🤖 AI Summary
This work addresses security vulnerabilities in the tool selection phase of large language model (LLM) tool learning. We propose, for the first time, a black-box text-based adversarial attack that manipulates an LLM’s preference for a target tool by perturbing its natural language description—without requiring access to model internals or gradients. Unlike prior studies focusing on erroneous tool *outputs*, our approach exposes the *semantic fragility* of the tool *selection* process itself. Our method employs a hybrid perturbation strategy operating at both coarse-grained (word-level) and fine-grained (character-level) granularities, achieving significant increases in both the selection probability and ranking position of the target tool with minimal textual modifications. Extensive experiments across diverse tool sets demonstrate high attack success rates, strong generalizability across models and tools, and practical feasibility. These findings establish a critical foundation for developing robust defense mechanisms against such selection-stage adversarial threats.
📝 Abstract
Tool learning serves as a powerful auxiliary mechanism that extends the capabilities of large language models (LLMs), enabling them to tackle complex tasks requiring real-time relevance or high precision operations. Behind its powerful capabilities lie some potential security issues. However, previous work has primarily focused on how to make the output of the invoked tools incorrect or malicious, with little attention given to the manipulation of tool selection. To fill this gap, we introduce, for the first time, a black-box text-based attack that can significantly increase the probability of the target tool being selected in this paper.
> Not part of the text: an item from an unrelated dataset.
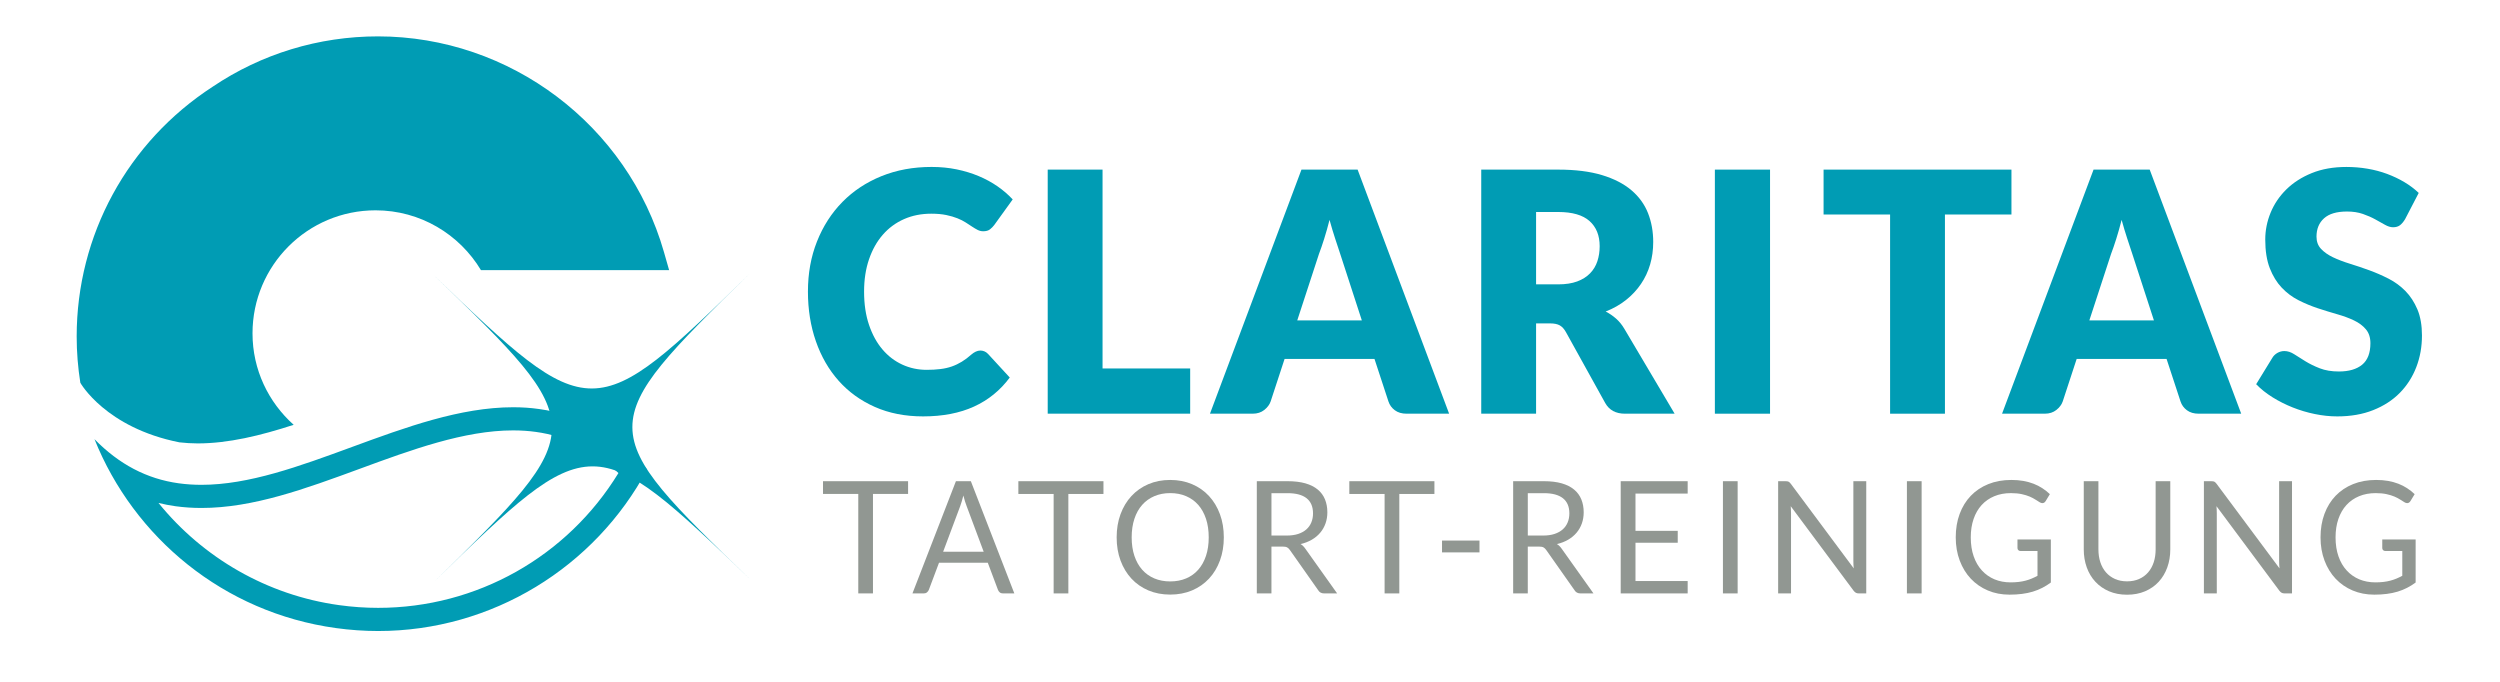 <svg xmlns="http://www.w3.org/2000/svg" xmlns:xlink="http://www.w3.org/1999/xlink" id="Ebene_1" x="0px" y="0px" width="194.751px" height="53.102px" viewBox="0 0 194.751 53.102" xml:space="preserve"><g>	<path fill="#009CB4" d="M39.971,33.528c0.615,0,1.21,0.04,1.771,0.118c2.407,0.333,4.521,1.386,6.434,3.205  c-3.981,6.509-11.038,10.501-18.718,10.501c-0.997,0-2.022-0.07-3.044-0.212c-5.59-0.772-10.601-3.679-14.067-7.96  c0.434,0.107,0.876,0.193,1.326,0.256c0.653,0.09,1.333,0.135,2.02,0.135c4.021,0,8.072-1.486,12.361-3.062  C32.042,35.043,36.168,33.528,39.971,33.528 M39.971,31.725c-4.11,0-8.387,1.565-12.54,3.091c-4.12,1.514-8.048,2.952-11.739,2.952  c-0.598,0-1.188-0.038-1.772-0.119c-2.479-0.342-4.644-1.478-6.561-3.439c3.073,7.66,10.049,13.505,18.809,14.717  c1.106,0.152,2.206,0.229,3.291,0.229c0,0,0,0,0.002,0c8.877,0,16.889-4.974,20.952-12.583c-2.434-2.717-5.206-4.266-8.424-4.711  C41.323,31.767,40.648,31.725,39.971,31.725L39.971,31.725z"></path></g><path fill="#009CB4" d="M13.979,34.459c0.472,0.051,0.942,0.083,1.419,0.083c2.396,0,4.896-0.609,7.479-1.449 c-1.961-1.753-3.206-4.285-3.206-7.124c0-5.293,4.29-9.585,9.585-9.585c3.49,0,6.536,1.872,8.211,4.66h14.658l-0.4-1.4 c-2.828-9.896-11.99-16.81-22.28-16.81c-4.616,0-9.08,1.362-12.873,3.918C9.934,11.056,5.973,18.331,5.973,26.213 c0,1.21,0.097,2.415,0.285,3.606C6.258,29.821,8.221,33.319,13.979,34.459z"></path><g>	<path fill="#009CB4" d="M58.518,45.208c-12.325-11.854-12.449-11.852-24.687,0.098c12.236-11.948,12.234-12.063-0.093-23.92  c12.327,11.855,12.454,11.849,24.688-0.093C46.193,33.234,46.192,33.354,58.518,45.208z"></path></g><g>	<path fill="#009CB4" d="M76.373,27.307c0.101,0,0.202,0.02,0.303,0.059c0.102,0.039,0.198,0.107,0.291,0.203l1.693,1.84  c-0.741,1-1.67,1.755-2.787,2.264c-1.116,0.509-2.437,0.764-3.962,0.764c-1.398,0-2.652-0.246-3.76-0.737  c-1.108-0.491-2.048-1.171-2.818-2.036c-0.771-0.865-1.363-1.893-1.776-3.08c-0.413-1.188-0.619-2.478-0.619-3.87  c0-1.418,0.235-2.721,0.708-3.908c0.472-1.188,1.131-2.212,1.978-3.073s1.86-1.531,3.04-2.01s2.481-0.718,3.905-0.718  c0.69,0,1.342,0.063,1.953,0.189c0.61,0.126,1.182,0.3,1.712,0.522c0.531,0.222,1.02,0.487,1.467,0.796  c0.446,0.309,0.842,0.65,1.188,1.024l-1.44,1.997c-0.093,0.122-0.202,0.233-0.329,0.333c-0.126,0.1-0.303,0.15-0.53,0.15  c-0.152,0-0.295-0.035-0.43-0.104c-0.135-0.069-0.278-0.154-0.43-0.254c-0.152-0.1-0.318-0.209-0.5-0.326  c-0.181-0.118-0.396-0.226-0.645-0.326c-0.248-0.1-0.539-0.185-0.872-0.255c-0.333-0.069-0.723-0.104-1.169-0.104  c-0.775,0-1.483,0.141-2.123,0.424c-0.641,0.283-1.19,0.688-1.649,1.214c-0.46,0.526-0.817,1.164-1.074,1.912  c-0.258,0.749-0.386,1.588-0.386,2.519c0,0.975,0.128,1.84,0.386,2.597c0.257,0.757,0.606,1.395,1.049,1.912  c0.442,0.519,0.958,0.911,1.548,1.181c0.59,0.271,1.222,0.405,1.896,0.405c0.388,0,0.741-0.02,1.062-0.06  c0.32-0.039,0.617-0.105,0.891-0.201c0.274-0.096,0.535-0.221,0.784-0.373c0.248-0.151,0.499-0.341,0.752-0.566  c0.101-0.088,0.21-0.159,0.328-0.216S76.246,27.307,76.373,27.307z"></path>	<path fill="#009CB4" d="M85.89,28.703h6.825v3.523H81.617V13.213h4.272V28.703z"></path>	<path fill="#009CB4" d="M112.887,32.227h-3.312c-0.371,0-0.676-0.089-0.916-0.268c-0.24-0.178-0.407-0.406-0.499-0.686  l-1.088-3.314h-7.002l-1.087,3.314c-0.084,0.244-0.248,0.464-0.492,0.66c-0.245,0.195-0.544,0.293-0.897,0.293h-3.337l7.128-19.014  h4.373L112.887,32.227z M101.057,24.958h5.03l-1.693-5.207c-0.11-0.331-0.238-0.72-0.386-1.168  c-0.147-0.448-0.293-0.933-0.437-1.455c-0.135,0.531-0.273,1.022-0.417,1.475c-0.143,0.452-0.277,0.844-0.404,1.174L101.057,24.958  z"></path>	<path fill="#009CB4" d="M119.661,25.193v7.034h-4.272V13.213h5.991c1.331,0,2.467,0.141,3.406,0.424s1.706,0.677,2.3,1.181  c0.595,0.505,1.026,1.101,1.296,1.788c0.27,0.688,0.404,1.436,0.404,2.245c0,0.618-0.08,1.201-0.24,1.749  c-0.16,0.548-0.398,1.055-0.714,1.52c-0.316,0.466-0.704,0.881-1.163,1.247c-0.459,0.365-0.988,0.666-1.586,0.9  c0.286,0.148,0.554,0.331,0.803,0.548c0.248,0.218,0.465,0.483,0.65,0.796l3.918,6.616h-3.867c-0.716,0-1.23-0.278-1.542-0.835  l-3.059-5.521c-0.135-0.243-0.293-0.417-0.474-0.522c-0.182-0.104-0.437-0.157-0.765-0.157H119.661z M119.661,22.152h1.719  c0.581,0,1.076-0.076,1.485-0.228c0.408-0.152,0.743-0.363,1.004-0.633c0.262-0.27,0.451-0.585,0.569-0.946  c0.118-0.361,0.177-0.75,0.177-1.168c0-0.835-0.264-1.488-0.79-1.958c-0.526-0.47-1.342-0.705-2.445-0.705h-1.719V22.152z"></path>	<path fill="#009CB4" d="M137.887,32.227h-4.298V13.213h4.298V32.227z"></path>	<path fill="#009CB4" d="M156.693,13.213v3.497h-5.182v15.517h-4.272V16.71h-5.182v-3.497H156.693z"></path>	<path fill="#009CB4" d="M174.591,32.227h-3.312c-0.371,0-0.676-0.089-0.916-0.268c-0.24-0.178-0.407-0.406-0.499-0.686  l-1.088-3.314h-7.002l-1.087,3.314c-0.084,0.244-0.248,0.464-0.492,0.66c-0.245,0.195-0.544,0.293-0.897,0.293h-3.337l7.128-19.014  h4.373L174.591,32.227z M162.761,24.958h5.03l-1.693-5.207c-0.11-0.331-0.238-0.72-0.386-1.168  c-0.147-0.448-0.293-0.933-0.437-1.455c-0.135,0.531-0.273,1.022-0.417,1.475c-0.143,0.452-0.277,0.844-0.404,1.174L162.761,24.958  z"></path>	<path fill="#009CB4" d="M187.356,17.076c-0.126,0.208-0.259,0.365-0.397,0.47c-0.14,0.104-0.318,0.157-0.537,0.157  c-0.194,0-0.403-0.063-0.626-0.189c-0.224-0.126-0.477-0.268-0.759-0.424c-0.282-0.156-0.604-0.298-0.967-0.424  s-0.775-0.189-1.238-0.189c-0.801,0-1.396,0.176-1.788,0.529c-0.393,0.352-0.588,0.829-0.588,1.429  c0,0.383,0.117,0.701,0.354,0.953c0.236,0.252,0.546,0.47,0.929,0.653c0.384,0.183,0.822,0.35,1.314,0.502  c0.493,0.152,0.997,0.322,1.511,0.509s1.018,0.407,1.511,0.659c0.492,0.252,0.931,0.574,1.314,0.965  c0.383,0.392,0.692,0.868,0.929,1.429c0.235,0.561,0.354,1.238,0.354,2.029c0,0.879-0.147,1.701-0.442,2.466  s-0.723,1.434-1.282,2.003c-0.561,0.57-1.252,1.018-2.073,1.344c-0.821,0.327-1.755,0.49-2.8,0.49c-0.572,0-1.156-0.061-1.75-0.184  c-0.594-0.121-1.169-0.293-1.726-0.515c-0.556-0.222-1.078-0.485-1.567-0.79c-0.488-0.305-0.914-0.644-1.276-1.018l1.264-2.062  c0.093-0.156,0.224-0.281,0.393-0.378c0.168-0.096,0.35-0.144,0.543-0.144c0.253,0,0.508,0.083,0.765,0.248  c0.257,0.166,0.548,0.348,0.872,0.549c0.324,0.199,0.697,0.383,1.119,0.547c0.421,0.166,0.918,0.248,1.491,0.248  c0.775,0,1.378-0.176,1.808-0.527c0.43-0.354,0.645-0.912,0.645-1.678c0-0.444-0.118-0.805-0.354-1.083  c-0.235-0.278-0.545-0.509-0.929-0.692c-0.384-0.183-0.819-0.343-1.309-0.482c-0.488-0.139-0.99-0.294-1.504-0.463  c-0.514-0.17-1.016-0.378-1.504-0.626s-0.925-0.574-1.308-0.979c-0.384-0.404-0.693-0.909-0.93-1.514  c-0.235-0.604-0.354-1.351-0.354-2.238c0-0.713,0.139-1.41,0.417-2.088c0.278-0.678,0.687-1.283,1.226-1.814  c0.54-0.53,1.201-0.955,1.984-1.272c0.784-0.318,1.682-0.477,2.692-0.477c0.564,0,1.114,0.046,1.649,0.137s1.043,0.226,1.523,0.404  c0.48,0.179,0.929,0.392,1.346,0.64s0.79,0.528,1.118,0.842L187.356,17.076z"></path>	<path fill="#919792" d="M70.74,37.486v0.994h-2.735v7.747H66.86V38.48h-2.748v-0.994H70.74z"></path>	<path fill="#919792" d="M79.017,46.227h-0.886c-0.103,0-0.186-0.026-0.248-0.079c-0.063-0.054-0.11-0.12-0.142-0.202l-0.792-2.109  h-3.799l-0.792,2.109c-0.027,0.074-0.074,0.139-0.142,0.195c-0.067,0.058-0.149,0.086-0.248,0.086h-0.887l3.386-8.741h1.164  L79.017,46.227z M73.47,42.982h3.16l-1.329-3.556c-0.087-0.221-0.171-0.494-0.254-0.824c-0.044,0.167-0.086,0.32-0.127,0.461  c-0.042,0.141-0.082,0.264-0.121,0.369L73.47,42.982z"></path>	<path fill="#919792" d="M85.96,37.486v0.994h-2.735v7.747h-1.146V38.48h-2.748v-0.994H85.96z"></path>	<path fill="#919792" d="M95.336,41.86c0,0.654-0.101,1.256-0.302,1.803c-0.2,0.547-0.484,1.018-0.851,1.412s-0.807,0.7-1.32,0.918  c-0.514,0.217-1.082,0.326-1.704,0.326c-0.623,0-1.189-0.109-1.702-0.326c-0.512-0.218-0.951-0.523-1.317-0.918  s-0.649-0.865-0.851-1.412s-0.301-1.148-0.301-1.803c0-0.655,0.1-1.256,0.301-1.803s0.484-1.02,0.851-1.416  s0.806-0.704,1.317-0.924c0.513-0.219,1.079-0.329,1.702-0.329c0.622,0,1.19,0.11,1.704,0.329c0.514,0.22,0.954,0.527,1.32,0.924  s0.65,0.869,0.851,1.416C95.236,40.604,95.336,41.204,95.336,41.86z M94.16,41.86c0-0.537-0.071-1.02-0.213-1.446  s-0.343-0.788-0.603-1.083s-0.575-0.521-0.945-0.68s-0.783-0.238-1.24-0.238c-0.453,0-0.865,0.08-1.235,0.238  s-0.687,0.385-0.948,0.68s-0.464,0.656-0.605,1.083s-0.213,0.909-0.213,1.446s0.071,1.018,0.213,1.442s0.344,0.784,0.605,1.079  s0.578,0.521,0.948,0.678s0.782,0.234,1.235,0.234c0.457,0,0.87-0.078,1.24-0.234s0.686-0.383,0.945-0.678s0.461-0.654,0.603-1.079  S94.16,42.397,94.16,41.86z"></path>	<path fill="#919792" d="M99.046,42.578v3.648h-1.14v-8.741h2.393c0.535,0,0.998,0.056,1.389,0.167  c0.39,0.113,0.711,0.274,0.966,0.486c0.254,0.211,0.441,0.466,0.563,0.765c0.122,0.3,0.184,0.634,0.184,1.003  c0,0.31-0.047,0.599-0.142,0.867c-0.095,0.268-0.231,0.51-0.411,0.723c-0.179,0.213-0.397,0.396-0.655,0.546  s-0.551,0.265-0.878,0.342c0.143,0.085,0.269,0.21,0.379,0.372l2.469,3.471h-1.016c-0.209,0-0.362-0.084-0.461-0.25l-2.198-3.123  c-0.066-0.098-0.14-0.168-0.218-0.211c-0.079-0.043-0.197-0.064-0.354-0.064H99.046z M99.046,41.719h1.199  c0.335,0,0.63-0.041,0.884-0.125s0.467-0.201,0.638-0.354c0.172-0.152,0.301-0.335,0.387-0.547  c0.087-0.211,0.131-0.445,0.131-0.701c0-0.521-0.167-0.912-0.5-1.178c-0.333-0.264-0.828-0.396-1.485-0.396h-1.253V41.719z"></path>	<path fill="#919792" d="M111.742,37.486v0.994h-2.735v7.747h-1.146V38.48h-2.748v-0.994H111.742z"></path>	<path fill="#919792" d="M112.334,42.11h2.919v0.921h-2.919V42.11z"></path>	<path fill="#919792" d="M119.015,42.578v3.648h-1.14v-8.741h2.393c0.535,0,0.998,0.056,1.389,0.167  c0.39,0.113,0.711,0.274,0.966,0.486c0.254,0.211,0.441,0.466,0.563,0.765c0.122,0.3,0.184,0.634,0.184,1.003  c0,0.31-0.047,0.599-0.142,0.867c-0.095,0.268-0.231,0.51-0.411,0.723c-0.179,0.213-0.397,0.396-0.655,0.546  s-0.551,0.265-0.878,0.342c0.143,0.085,0.269,0.21,0.379,0.372l2.469,3.471h-1.016c-0.209,0-0.362-0.084-0.461-0.25l-2.198-3.123  c-0.066-0.098-0.14-0.168-0.218-0.211c-0.079-0.043-0.197-0.064-0.354-0.064H119.015z M119.015,41.719h1.199  c0.335,0,0.63-0.041,0.884-0.125s0.467-0.201,0.638-0.354c0.172-0.152,0.301-0.335,0.387-0.547  c0.087-0.211,0.131-0.445,0.131-0.701c0-0.521-0.167-0.912-0.5-1.178c-0.333-0.264-0.828-0.396-1.485-0.396h-1.253V41.719z"></path>	<path fill="#919792" d="M131.47,37.486v0.964h-4.065v2.903h3.291v0.927h-3.291v2.983h4.065v0.964h-5.217v-8.741H131.47z"></path>	<path fill="#919792" d="M135.363,46.227h-1.146v-8.741h1.146V46.227z"></path>	<path fill="#919792" d="M139.336,37.526c0.049,0.025,0.104,0.08,0.168,0.161l4.903,6.588c-0.012-0.105-0.02-0.208-0.023-0.308  s-0.006-0.196-0.006-0.29v-6.191h1.004v8.741h-0.578c-0.091,0-0.167-0.016-0.228-0.049c-0.062-0.033-0.121-0.088-0.181-0.164  l-4.897-6.582c0.008,0.102,0.014,0.201,0.018,0.299s0.006,0.187,0.006,0.268v6.229h-1.004v-8.741h0.591  C139.21,37.486,139.286,37.498,139.336,37.526z"></path>	<path fill="#919792" d="M149.695,46.227h-1.146v-8.741h1.146V46.227z"></path>	<path fill="#919792" d="M156.624,45.367c0.229,0,0.438-0.012,0.63-0.034c0.19-0.022,0.371-0.056,0.54-0.101  c0.17-0.045,0.329-0.099,0.479-0.162c0.15-0.062,0.3-0.135,0.449-0.217v-1.928h-1.312c-0.075,0-0.135-0.021-0.18-0.066  c-0.046-0.045-0.068-0.1-0.068-0.164v-0.672h2.6v3.355c-0.213,0.158-0.435,0.297-0.665,0.414c-0.23,0.119-0.477,0.217-0.738,0.297  c-0.262,0.078-0.543,0.138-0.842,0.176c-0.3,0.039-0.624,0.059-0.975,0.059c-0.614,0-1.178-0.109-1.689-0.326  c-0.513-0.218-0.954-0.523-1.324-0.915c-0.37-0.393-0.658-0.863-0.865-1.412c-0.207-0.55-0.311-1.153-0.311-1.812  c0-0.668,0.102-1.275,0.305-1.824s0.492-1.02,0.868-1.412s0.831-0.696,1.365-0.912c0.533-0.215,1.131-0.323,1.793-0.323  c0.335,0,0.646,0.025,0.934,0.076c0.287,0.051,0.554,0.124,0.801,0.22c0.246,0.096,0.473,0.211,0.682,0.348  s0.404,0.289,0.585,0.461l-0.325,0.536c-0.066,0.11-0.153,0.165-0.26,0.165c-0.062,0-0.132-0.022-0.206-0.067  c-0.099-0.057-0.209-0.126-0.331-0.207s-0.271-0.159-0.446-0.235c-0.175-0.074-0.382-0.139-0.62-0.191s-0.521-0.08-0.848-0.08  c-0.477,0-0.908,0.08-1.294,0.241c-0.387,0.161-0.715,0.391-0.987,0.689c-0.271,0.299-0.48,0.661-0.626,1.086  s-0.219,0.901-0.219,1.431c0,0.553,0.076,1.046,0.228,1.479c0.151,0.434,0.365,0.801,0.642,1.102  c0.275,0.301,0.603,0.53,0.98,0.689C155.75,45.287,156.168,45.367,156.624,45.367z"></path>	<path fill="#919792" d="M165.698,45.287c0.351,0,0.664-0.061,0.939-0.184c0.276-0.121,0.51-0.292,0.7-0.512  c0.191-0.22,0.337-0.482,0.438-0.787s0.15-0.641,0.15-1.006v-5.313h1.141v5.313c0,0.504-0.078,0.972-0.233,1.402  c-0.156,0.432-0.378,0.805-0.668,1.119c-0.289,0.315-0.643,0.562-1.061,0.742c-0.417,0.178-0.886,0.268-1.406,0.268  c-0.52,0-0.988-0.09-1.405-0.268c-0.418-0.18-0.772-0.427-1.063-0.742c-0.292-0.314-0.516-0.688-0.671-1.119  c-0.155-0.431-0.233-0.898-0.233-1.402v-5.313h1.141v5.308c0,0.365,0.05,0.701,0.15,1.006s0.246,0.567,0.438,0.787  c0.19,0.219,0.425,0.391,0.702,0.516C165.034,45.225,165.348,45.287,165.698,45.287z"></path>	<path fill="#919792" d="M172.503,37.526c0.049,0.025,0.104,0.08,0.168,0.161l4.903,6.588c-0.012-0.105-0.02-0.208-0.023-0.308  s-0.006-0.196-0.006-0.29v-6.191h1.004v8.741h-0.578c-0.091,0-0.167-0.016-0.228-0.049c-0.062-0.033-0.121-0.088-0.181-0.164  l-4.897-6.582c0.008,0.102,0.014,0.201,0.018,0.299s0.006,0.187,0.006,0.268v6.229h-1.004v-8.741h0.591  C172.377,37.486,172.453,37.498,172.503,37.526z"></path>	<path fill="#919792" d="M185.041,45.367c0.229,0,0.438-0.012,0.63-0.034c0.19-0.022,0.371-0.056,0.54-0.101  c0.17-0.045,0.329-0.099,0.479-0.162c0.15-0.062,0.3-0.135,0.449-0.217v-1.928h-1.312c-0.075,0-0.135-0.021-0.18-0.066  c-0.046-0.045-0.068-0.1-0.068-0.164v-0.672h2.6v3.355c-0.213,0.158-0.435,0.297-0.665,0.414c-0.23,0.119-0.477,0.217-0.738,0.297  c-0.262,0.078-0.543,0.138-0.842,0.176c-0.3,0.039-0.624,0.059-0.975,0.059c-0.614,0-1.178-0.109-1.689-0.326  c-0.513-0.218-0.954-0.523-1.324-0.915c-0.37-0.393-0.658-0.863-0.865-1.412c-0.207-0.55-0.311-1.153-0.311-1.812  c0-0.668,0.102-1.275,0.305-1.824s0.492-1.02,0.868-1.412s0.831-0.696,1.365-0.912c0.533-0.215,1.131-0.323,1.793-0.323  c0.335,0,0.646,0.025,0.934,0.076c0.287,0.051,0.554,0.124,0.801,0.22c0.246,0.096,0.473,0.211,0.682,0.348  s0.404,0.289,0.585,0.461l-0.325,0.536c-0.066,0.11-0.153,0.165-0.26,0.165c-0.062,0-0.132-0.022-0.206-0.067  c-0.099-0.057-0.209-0.126-0.331-0.207s-0.271-0.159-0.446-0.235c-0.175-0.074-0.382-0.139-0.62-0.191s-0.521-0.08-0.848-0.08  c-0.477,0-0.908,0.08-1.294,0.241c-0.387,0.161-0.715,0.391-0.987,0.689c-0.271,0.299-0.48,0.661-0.626,1.086  s-0.219,0.901-0.219,1.431c0,0.553,0.076,1.046,0.228,1.479c0.151,0.434,0.365,0.801,0.642,1.102  c0.275,0.301,0.603,0.53,0.98,0.689C184.167,45.287,184.585,45.367,185.041,45.367z"></path></g></svg>

We propose a two-level text perturbation attack witha coarse-to-fine granularity, attacking the text at both the word level and the character level. We conduct comprehensive experiments that demonstrate the attacker only needs to make some perturbations to the tool's textual information to significantly increase the possibility of the target tool being selected and ranked higher among the candidate tools. Our research reveals the vulnerability of the tool selection process and paves the way for future research on protecting this process.